YOUR ASSIGNMENT: Please give back each line of the material unchanged, but without the images.

GIVEN DATA:
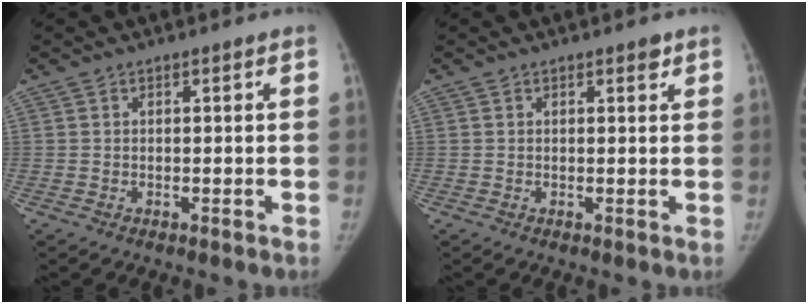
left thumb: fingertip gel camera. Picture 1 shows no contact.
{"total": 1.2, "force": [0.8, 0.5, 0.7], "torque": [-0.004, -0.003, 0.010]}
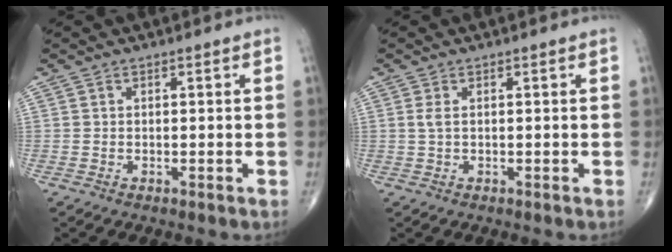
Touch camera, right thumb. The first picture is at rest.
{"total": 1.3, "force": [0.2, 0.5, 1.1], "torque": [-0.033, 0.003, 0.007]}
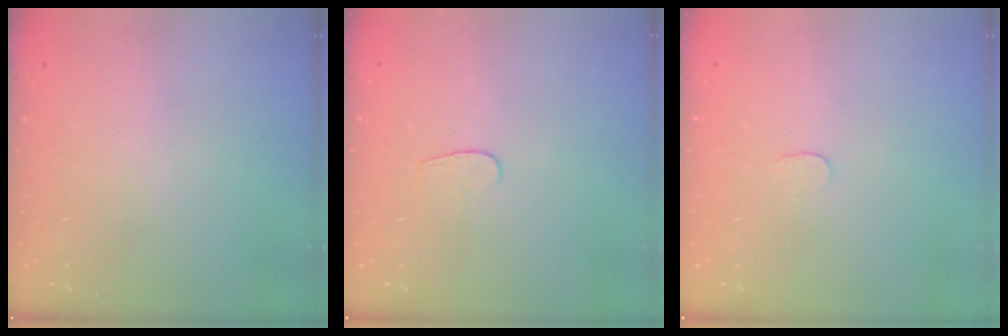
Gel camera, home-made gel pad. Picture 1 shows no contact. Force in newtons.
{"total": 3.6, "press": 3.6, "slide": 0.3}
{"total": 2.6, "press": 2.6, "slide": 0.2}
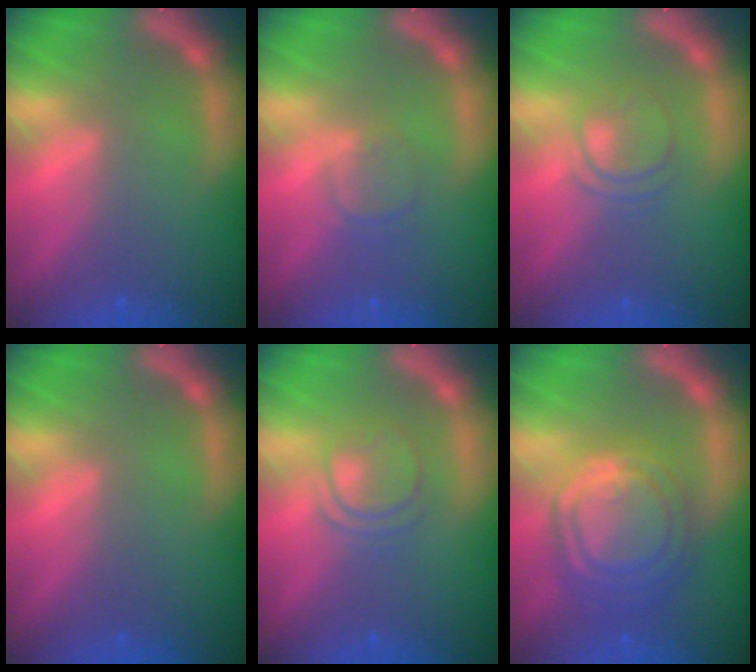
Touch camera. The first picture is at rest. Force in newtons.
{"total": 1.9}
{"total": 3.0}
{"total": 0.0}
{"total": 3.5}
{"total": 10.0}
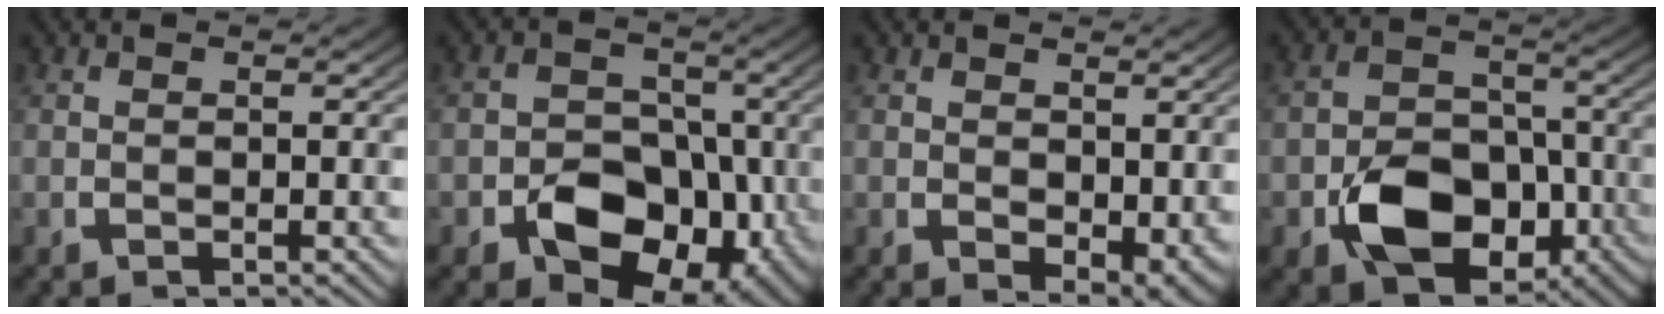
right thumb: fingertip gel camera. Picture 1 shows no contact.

REPLY TO THE EXERCISE:
left thumb: fingertip gel camera. Picture 1 shows no contact.
{"total": 1.2, "force": [0.8, 0.5, 0.7], "torque": [-0.004, -0.003, 0.010]}
Touch camera, right thumb. The first picture is at rest.
{"total": 1.3, "force": [0.2, 0.5, 1.1], "torque": [-0.033, 0.003, 0.007]}
Gel camera, home-made gel pad. Picture 1 shows no contact. Force in newtons.
{"total": 3.6, "press": 3.6, "slide": 0.3}
{"total": 2.6, "press": 2.6, "slide": 0.2}
Touch camera. The first picture is at rest. Force in newtons.
{"total": 1.9}
{"total": 3.0}
{"total": 0.0}
{"total": 3.5}
{"total": 10.0}
right thumb: fingertip gel camera. Picture 1 shows no contact.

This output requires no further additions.